Records shown below:

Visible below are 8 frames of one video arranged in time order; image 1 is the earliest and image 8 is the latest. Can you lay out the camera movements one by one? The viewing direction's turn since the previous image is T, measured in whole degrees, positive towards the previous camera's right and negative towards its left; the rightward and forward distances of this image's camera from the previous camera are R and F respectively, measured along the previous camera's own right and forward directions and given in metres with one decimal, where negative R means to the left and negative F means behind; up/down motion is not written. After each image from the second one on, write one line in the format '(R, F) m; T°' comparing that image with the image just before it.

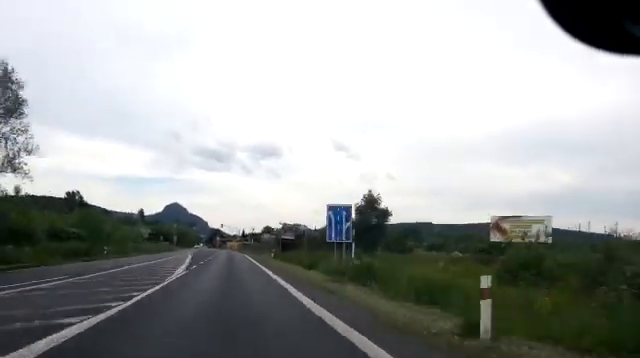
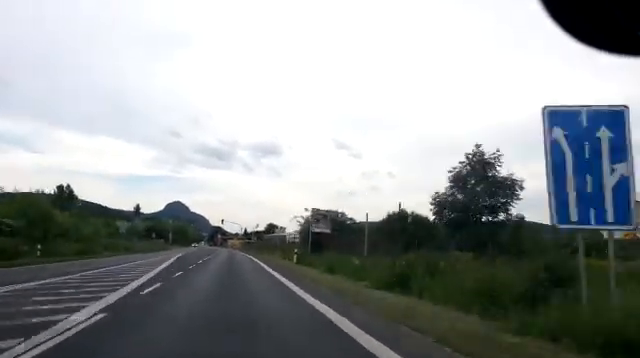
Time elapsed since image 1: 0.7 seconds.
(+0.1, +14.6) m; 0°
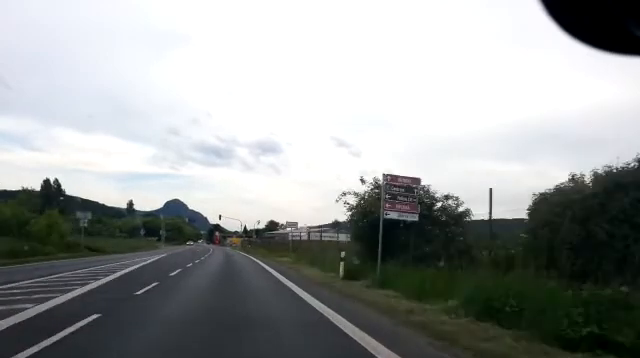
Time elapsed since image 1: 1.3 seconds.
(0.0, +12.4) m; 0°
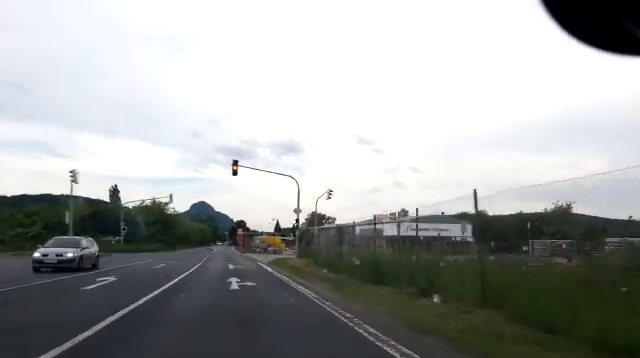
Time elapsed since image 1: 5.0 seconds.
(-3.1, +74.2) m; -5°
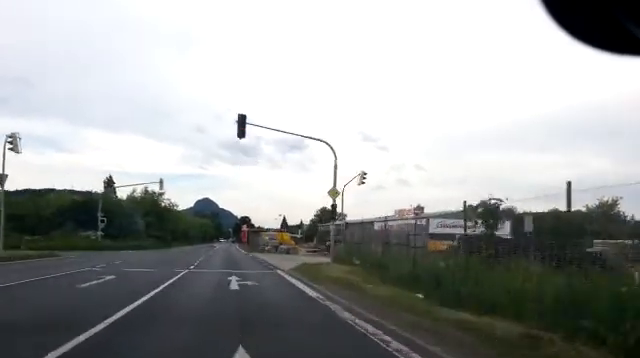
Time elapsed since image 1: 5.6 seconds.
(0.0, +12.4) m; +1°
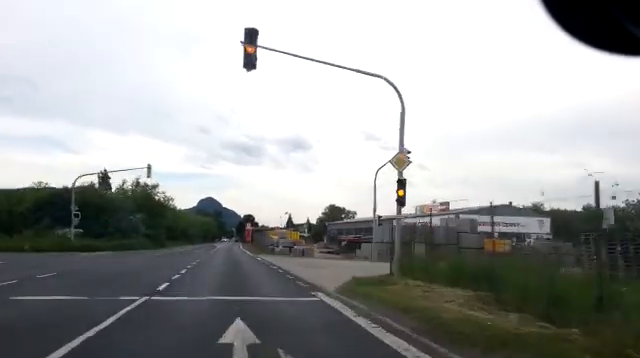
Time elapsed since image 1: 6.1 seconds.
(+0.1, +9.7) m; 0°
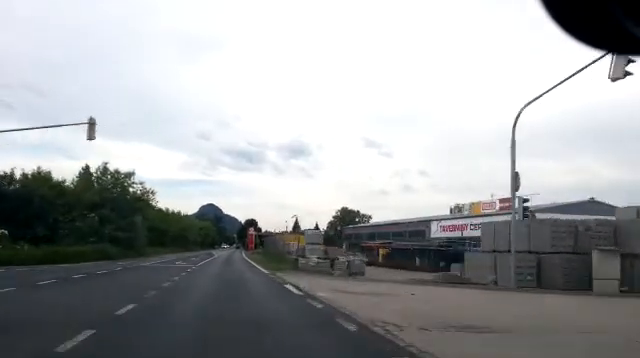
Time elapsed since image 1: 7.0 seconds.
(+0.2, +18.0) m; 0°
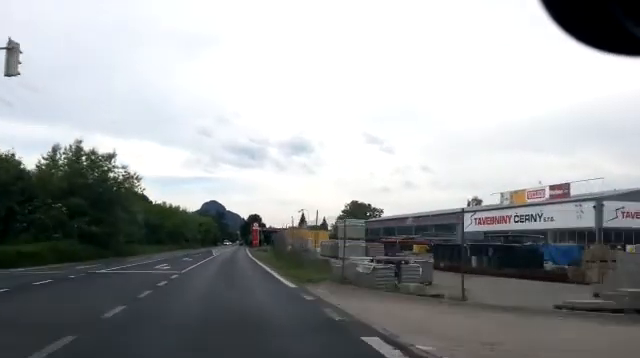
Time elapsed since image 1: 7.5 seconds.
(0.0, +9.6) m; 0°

End of Records shown.

* [Activity] Omit every picture while transcribing the records above exactly.

* [Answer space]
Visible below are 8 frames of one video arranged in time order; image 1 is the earliest and image 8 is the latest. Can you lay out the camera movements one by one? The viewing direction's turn since the previous image is T, measured in whole degrees, positive towards the previous camera's right and negative towards its left; the rightward and forward distances of this image's camera from the previous camera are R and F respectively, measured along the previous camera's own right and forward directions and given in metres with one decimal, where negative R means to the left and negative F means behind; up/down motion is not written. After each image from the second one on, write one line in the format '(R, F) m; T°' comparing that image with the image just before it.

Time elapsed since image 1: 0.7 seconds.
(+0.1, +14.6) m; 0°
Time elapsed since image 1: 1.3 seconds.
(0.0, +12.4) m; 0°
Time elapsed since image 1: 5.0 seconds.
(-3.1, +74.2) m; -5°
Time elapsed since image 1: 5.6 seconds.
(0.0, +12.4) m; +1°
Time elapsed since image 1: 6.1 seconds.
(+0.1, +9.7) m; 0°
Time elapsed since image 1: 7.0 seconds.
(+0.2, +18.0) m; 0°
Time elapsed since image 1: 7.5 seconds.
(0.0, +9.6) m; 0°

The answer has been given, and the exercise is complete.